IhnatKlimchuk commented 7 months ago

Note: BoolQuery has MinimumShouldMatch as separate class that extends Union<int?, string> that means UnionConverter is missing in DefaultSourceSerializer

IhnatKlimchuk commented 7 months ago

In case there are too many issues with serializer and percolate query item is simple and has query and id only you can keep separate instance of ElasticsearchClient with next hack for settings setup:

var settings = new ElasticsearchClientSettings(...your config...);

var desiredSerializer = typeof(TransportConfigurationBase<ElasticsearchClientSettings>)
    .GetProperty("UseThisRequestResponseSerializer", System.Reflection.BindingFlags.NonPublic | System.Reflection.BindingFlags.Instance)
    .GetValue(settings);
typeof(ElasticsearchClientSettingsBase<ElasticsearchClientSettings>)
    .GetField("_sourceSerializer", System.Reflection.BindingFlags.NonPublic | System.Reflection.BindingFlags.Instance)
    .SetValue(settings, desiredSerializer);

This will allow to use same serializer for payload as for query in search, but you have to double check if payload serialized correctly.

flobernd commented 7 months ago

Hi there! After the big 8.13 release I finally have some time to look into the open issues 🙂

Another possible solution would be to expose a [RequestResponseConverter] attribute similar to the [SourceConverter] one to allow switching from source- to request/response-serialization. However, this won't work if the DefaultSourceSerializer is completely replaced by the user.

rustunooldu commented 1 month ago

Today I ran into the exact same issue. Any plans to get this fixed @flobernd ?

I understand it's not high priority, but I figured I'll bump it since there were other recent discussions related to Union type conversions.

Edit: Just to be clear, this is not limited to Union types. Percolation in general is broken if it contains anything more than a simple query. Union, MinimumShouldMatch, string enums such as TextQueryType are just a couple examples that don't serialize properly.

I think your idea of exposing a [RequestResponseConverter] attribute should work well enough. My current solution, inspired by the previous comments, was to wrap the percolator query in a container and write a custom converter for it.

DefaultRequestResponseSerializer is an internal class, but I noticed that it is actually exposed as a property of IElasticsearchClientSettings, so we don't need reflection or anything like that. We can simply use the existing serializer instance and pass it as a constructor argument to our custom converter. Here is the full code:

public class PercolateQueryContainer
{
    public required Query Query { get; set; }
}
public sealed class PercolateQueryContainerConverter(Serializer requestResponseSerializer) : JsonConverter<PercolateQueryContainer>
{
    public override PercolateQueryContainer?
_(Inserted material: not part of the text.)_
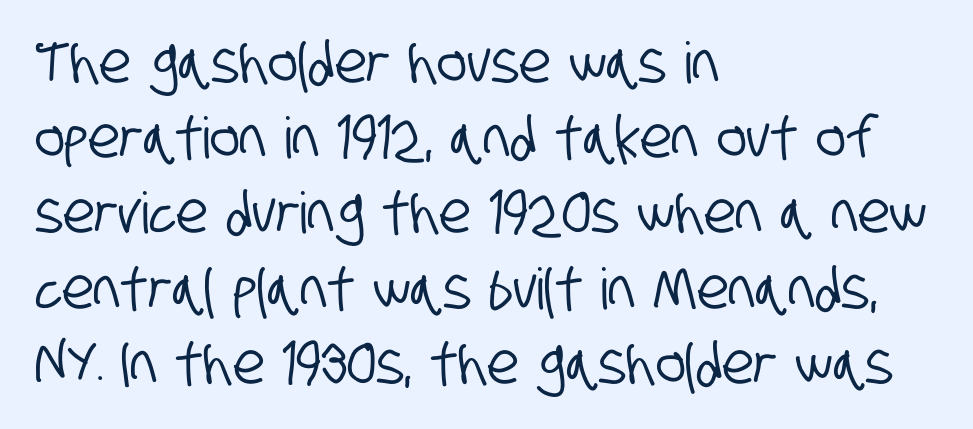
The image shows 57 px condensed sans-serif type; set left-aligned, normal line spacing (1.32x), normal letter spacing, not underlined; low stroke contrast and a large x-height.

Read(ref Utf8JsonReader reader, Type typeToConvert, JsonSerializerOptions options)
    {
        if (reader.TokenType is JsonTokenType.None or JsonTokenType.Null)
        {
            return null;
        }

        var jsonNode = JsonNode.Parse(ref reader);
        if (jsonNode == null)
        {
            return null;
        }

        var jsonString = jsonNode.ToJsonString(options);
        using var jsonStream = new MemoryStream(Encoding.UTF8.GetBytes(jsonString));
        return requestResponseSerializer.Deserialize<PercolateQueryContainer>(jsonStream);
    }

    public override void Write(Utf8JsonWriter writer, PercolateQueryContainer value, JsonSerializerOptions options)
    {
        var jsonString = requestResponseSerializer.SerializeToString(value, SerializationFormatting.None);
        writer.WriteRawValue(jsonString, true);
    }
}

Usage:

var pool = new SingleNodePool(new Uri($"{clientConfig.Host}:{clientConfig.Port}"));
var settings = new ElasticsearchClientSettings(pool, GetSourceSerializer)
    ...;
var client = new ElasticsearchClient(settings);
private static Serializer GetSourceSerializer(Serializer builtIn, IElasticsearchClientSettings settings)
{
    return new DefaultSourceSerializer(
        settings,
        options =>
        {
            options.Converters.Add(new PercolateQueryContainerConverter(settings.RequestResponseSerializer));
        });
}

So far this seems to work without any issues, but it's obviously a lot of extra code and unnecessary complexity for something that should simply work out of the box.